***** Data extracts *****

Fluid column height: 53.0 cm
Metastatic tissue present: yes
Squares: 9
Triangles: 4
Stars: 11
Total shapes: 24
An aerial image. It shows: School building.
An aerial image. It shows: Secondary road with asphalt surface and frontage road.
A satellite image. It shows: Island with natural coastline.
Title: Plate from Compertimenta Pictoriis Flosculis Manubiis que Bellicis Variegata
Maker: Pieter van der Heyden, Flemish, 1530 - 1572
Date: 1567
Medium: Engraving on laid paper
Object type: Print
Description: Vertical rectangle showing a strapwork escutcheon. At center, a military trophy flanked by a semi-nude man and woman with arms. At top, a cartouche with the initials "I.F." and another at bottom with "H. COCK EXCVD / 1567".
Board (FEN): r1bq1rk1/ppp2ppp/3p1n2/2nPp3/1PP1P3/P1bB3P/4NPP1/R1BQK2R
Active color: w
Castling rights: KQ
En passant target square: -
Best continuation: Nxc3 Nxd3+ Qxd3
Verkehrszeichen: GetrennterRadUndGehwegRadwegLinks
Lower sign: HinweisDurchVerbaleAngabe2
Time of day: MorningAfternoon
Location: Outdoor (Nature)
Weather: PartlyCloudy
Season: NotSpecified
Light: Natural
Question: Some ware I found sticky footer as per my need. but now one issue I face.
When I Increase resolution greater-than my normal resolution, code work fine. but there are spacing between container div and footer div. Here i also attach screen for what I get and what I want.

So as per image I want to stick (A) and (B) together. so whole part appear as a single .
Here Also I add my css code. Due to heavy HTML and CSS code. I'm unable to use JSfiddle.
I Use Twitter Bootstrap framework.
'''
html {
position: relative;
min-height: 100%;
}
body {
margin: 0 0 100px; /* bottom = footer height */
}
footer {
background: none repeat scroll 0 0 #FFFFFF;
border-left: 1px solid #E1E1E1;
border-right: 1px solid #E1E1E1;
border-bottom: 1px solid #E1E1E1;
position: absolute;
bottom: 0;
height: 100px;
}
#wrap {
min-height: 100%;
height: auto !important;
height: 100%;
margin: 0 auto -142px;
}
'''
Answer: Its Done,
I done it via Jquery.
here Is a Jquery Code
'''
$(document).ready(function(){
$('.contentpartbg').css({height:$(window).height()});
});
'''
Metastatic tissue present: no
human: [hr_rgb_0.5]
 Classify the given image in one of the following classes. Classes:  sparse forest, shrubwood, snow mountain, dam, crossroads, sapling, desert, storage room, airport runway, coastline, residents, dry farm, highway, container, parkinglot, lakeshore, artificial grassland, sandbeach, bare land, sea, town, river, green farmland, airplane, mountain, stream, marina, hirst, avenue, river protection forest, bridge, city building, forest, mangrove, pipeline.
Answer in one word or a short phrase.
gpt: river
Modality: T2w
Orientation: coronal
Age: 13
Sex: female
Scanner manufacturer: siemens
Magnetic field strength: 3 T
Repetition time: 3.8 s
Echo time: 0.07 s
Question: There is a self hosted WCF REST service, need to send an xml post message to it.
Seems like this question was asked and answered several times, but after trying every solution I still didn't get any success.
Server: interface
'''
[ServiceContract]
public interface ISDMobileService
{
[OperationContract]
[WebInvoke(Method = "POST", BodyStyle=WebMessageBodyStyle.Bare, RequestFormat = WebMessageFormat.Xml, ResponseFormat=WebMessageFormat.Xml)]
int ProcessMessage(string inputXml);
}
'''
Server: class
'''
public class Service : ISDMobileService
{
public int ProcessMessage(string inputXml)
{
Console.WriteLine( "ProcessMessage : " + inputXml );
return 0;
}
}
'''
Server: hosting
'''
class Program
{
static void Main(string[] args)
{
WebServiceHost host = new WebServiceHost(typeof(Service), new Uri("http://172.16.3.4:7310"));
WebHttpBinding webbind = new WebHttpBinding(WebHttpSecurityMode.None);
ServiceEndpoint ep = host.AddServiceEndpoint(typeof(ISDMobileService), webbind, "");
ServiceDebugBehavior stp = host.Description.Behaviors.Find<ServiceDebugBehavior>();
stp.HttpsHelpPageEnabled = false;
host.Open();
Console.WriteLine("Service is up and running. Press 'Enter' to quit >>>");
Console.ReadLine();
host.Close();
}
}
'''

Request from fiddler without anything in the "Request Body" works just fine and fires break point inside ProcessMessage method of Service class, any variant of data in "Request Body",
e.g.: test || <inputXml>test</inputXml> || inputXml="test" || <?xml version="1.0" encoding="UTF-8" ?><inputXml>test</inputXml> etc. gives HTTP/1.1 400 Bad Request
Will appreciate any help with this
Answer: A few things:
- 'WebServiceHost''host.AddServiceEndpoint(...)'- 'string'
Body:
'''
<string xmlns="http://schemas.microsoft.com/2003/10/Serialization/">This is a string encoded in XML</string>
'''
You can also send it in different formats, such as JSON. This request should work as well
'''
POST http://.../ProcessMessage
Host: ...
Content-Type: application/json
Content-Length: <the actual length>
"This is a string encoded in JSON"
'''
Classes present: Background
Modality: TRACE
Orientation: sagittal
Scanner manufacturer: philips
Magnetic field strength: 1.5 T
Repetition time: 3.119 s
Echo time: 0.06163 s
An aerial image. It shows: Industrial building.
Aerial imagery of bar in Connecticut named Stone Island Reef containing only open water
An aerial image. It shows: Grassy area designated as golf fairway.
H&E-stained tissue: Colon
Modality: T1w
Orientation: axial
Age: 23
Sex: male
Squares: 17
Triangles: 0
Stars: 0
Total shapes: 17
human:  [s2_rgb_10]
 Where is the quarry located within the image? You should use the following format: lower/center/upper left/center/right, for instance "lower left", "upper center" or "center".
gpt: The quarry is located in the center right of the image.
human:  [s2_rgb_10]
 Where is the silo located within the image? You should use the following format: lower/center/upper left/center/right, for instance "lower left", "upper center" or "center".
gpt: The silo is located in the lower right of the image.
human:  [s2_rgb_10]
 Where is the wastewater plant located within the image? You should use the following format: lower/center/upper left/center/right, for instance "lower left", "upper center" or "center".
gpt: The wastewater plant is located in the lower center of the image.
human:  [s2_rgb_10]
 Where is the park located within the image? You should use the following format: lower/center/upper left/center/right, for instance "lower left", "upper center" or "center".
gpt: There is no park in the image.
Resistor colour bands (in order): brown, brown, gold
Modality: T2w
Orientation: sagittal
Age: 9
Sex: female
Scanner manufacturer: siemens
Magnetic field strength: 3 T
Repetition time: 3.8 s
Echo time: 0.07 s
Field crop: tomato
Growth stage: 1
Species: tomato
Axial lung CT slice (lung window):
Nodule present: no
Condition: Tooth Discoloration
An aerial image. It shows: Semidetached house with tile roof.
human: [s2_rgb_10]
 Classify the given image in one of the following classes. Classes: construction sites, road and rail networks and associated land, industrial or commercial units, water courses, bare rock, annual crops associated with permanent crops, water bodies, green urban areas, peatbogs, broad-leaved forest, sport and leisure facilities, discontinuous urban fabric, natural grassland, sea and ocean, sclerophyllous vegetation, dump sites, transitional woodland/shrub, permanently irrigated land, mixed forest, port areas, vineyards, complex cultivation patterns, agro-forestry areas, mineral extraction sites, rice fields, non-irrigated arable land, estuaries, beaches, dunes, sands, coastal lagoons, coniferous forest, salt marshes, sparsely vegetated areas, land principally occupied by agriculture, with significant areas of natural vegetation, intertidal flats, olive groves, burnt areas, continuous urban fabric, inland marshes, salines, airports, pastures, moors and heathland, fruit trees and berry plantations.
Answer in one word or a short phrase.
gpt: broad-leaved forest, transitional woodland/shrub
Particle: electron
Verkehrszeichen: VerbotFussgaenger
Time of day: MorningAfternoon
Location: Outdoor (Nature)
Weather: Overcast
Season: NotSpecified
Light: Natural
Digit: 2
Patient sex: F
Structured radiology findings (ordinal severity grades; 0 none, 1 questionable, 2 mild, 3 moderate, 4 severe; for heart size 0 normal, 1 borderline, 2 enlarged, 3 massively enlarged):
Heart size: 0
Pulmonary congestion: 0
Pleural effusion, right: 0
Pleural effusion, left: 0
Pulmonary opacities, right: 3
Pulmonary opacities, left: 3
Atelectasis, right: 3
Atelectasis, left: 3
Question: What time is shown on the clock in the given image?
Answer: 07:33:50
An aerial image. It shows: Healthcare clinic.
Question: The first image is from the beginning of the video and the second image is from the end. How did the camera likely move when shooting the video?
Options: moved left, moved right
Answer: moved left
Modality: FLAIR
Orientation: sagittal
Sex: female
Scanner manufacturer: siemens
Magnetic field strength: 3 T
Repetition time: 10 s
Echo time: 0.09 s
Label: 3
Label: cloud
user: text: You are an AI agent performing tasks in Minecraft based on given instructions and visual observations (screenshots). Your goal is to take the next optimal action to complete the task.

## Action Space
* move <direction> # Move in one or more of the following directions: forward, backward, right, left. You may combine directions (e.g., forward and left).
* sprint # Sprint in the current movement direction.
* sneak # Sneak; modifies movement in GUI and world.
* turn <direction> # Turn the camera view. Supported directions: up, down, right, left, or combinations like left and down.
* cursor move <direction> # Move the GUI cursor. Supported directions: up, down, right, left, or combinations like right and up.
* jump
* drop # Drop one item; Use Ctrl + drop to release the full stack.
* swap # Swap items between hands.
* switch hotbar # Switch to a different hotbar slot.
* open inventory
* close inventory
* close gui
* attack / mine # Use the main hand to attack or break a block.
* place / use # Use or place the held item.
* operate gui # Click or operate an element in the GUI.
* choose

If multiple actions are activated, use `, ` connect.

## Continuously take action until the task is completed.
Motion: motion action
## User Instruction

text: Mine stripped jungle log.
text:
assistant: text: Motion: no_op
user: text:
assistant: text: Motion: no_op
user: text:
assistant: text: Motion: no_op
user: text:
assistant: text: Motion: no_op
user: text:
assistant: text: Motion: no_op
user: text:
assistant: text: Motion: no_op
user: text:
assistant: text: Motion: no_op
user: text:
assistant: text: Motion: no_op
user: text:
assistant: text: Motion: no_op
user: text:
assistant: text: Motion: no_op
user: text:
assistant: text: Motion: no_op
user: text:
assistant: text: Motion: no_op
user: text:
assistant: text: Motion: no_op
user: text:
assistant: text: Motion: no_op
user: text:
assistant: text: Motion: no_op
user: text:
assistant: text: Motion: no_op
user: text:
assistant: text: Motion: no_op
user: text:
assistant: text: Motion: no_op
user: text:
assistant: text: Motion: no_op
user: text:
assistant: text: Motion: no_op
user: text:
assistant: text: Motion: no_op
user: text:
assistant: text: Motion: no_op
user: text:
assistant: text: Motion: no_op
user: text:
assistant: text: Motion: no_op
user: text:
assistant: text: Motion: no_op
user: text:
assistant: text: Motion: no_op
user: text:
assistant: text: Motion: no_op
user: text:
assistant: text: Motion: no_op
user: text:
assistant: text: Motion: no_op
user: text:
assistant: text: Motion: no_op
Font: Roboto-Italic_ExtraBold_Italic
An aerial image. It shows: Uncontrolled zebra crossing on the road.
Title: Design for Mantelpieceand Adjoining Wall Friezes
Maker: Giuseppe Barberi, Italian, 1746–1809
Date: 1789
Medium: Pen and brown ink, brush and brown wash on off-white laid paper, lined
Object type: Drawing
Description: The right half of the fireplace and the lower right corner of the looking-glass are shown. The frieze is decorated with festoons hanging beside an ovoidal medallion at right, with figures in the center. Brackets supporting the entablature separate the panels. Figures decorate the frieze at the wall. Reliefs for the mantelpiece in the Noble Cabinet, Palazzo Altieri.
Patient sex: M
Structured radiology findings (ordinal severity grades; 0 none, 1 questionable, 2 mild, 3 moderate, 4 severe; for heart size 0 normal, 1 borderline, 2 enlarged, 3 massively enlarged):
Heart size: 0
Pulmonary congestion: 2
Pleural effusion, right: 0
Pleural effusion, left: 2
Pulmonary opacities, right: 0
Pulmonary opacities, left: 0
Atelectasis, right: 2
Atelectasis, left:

*****

**Aim of the task:**
For every line above that holds the word "effusion", report the whole line.

**Completed task:**
Pleural effusion, right: 0
Pleural effusion, left: 0
Pleural effusion, right: 0
Pleural effusion, left: 2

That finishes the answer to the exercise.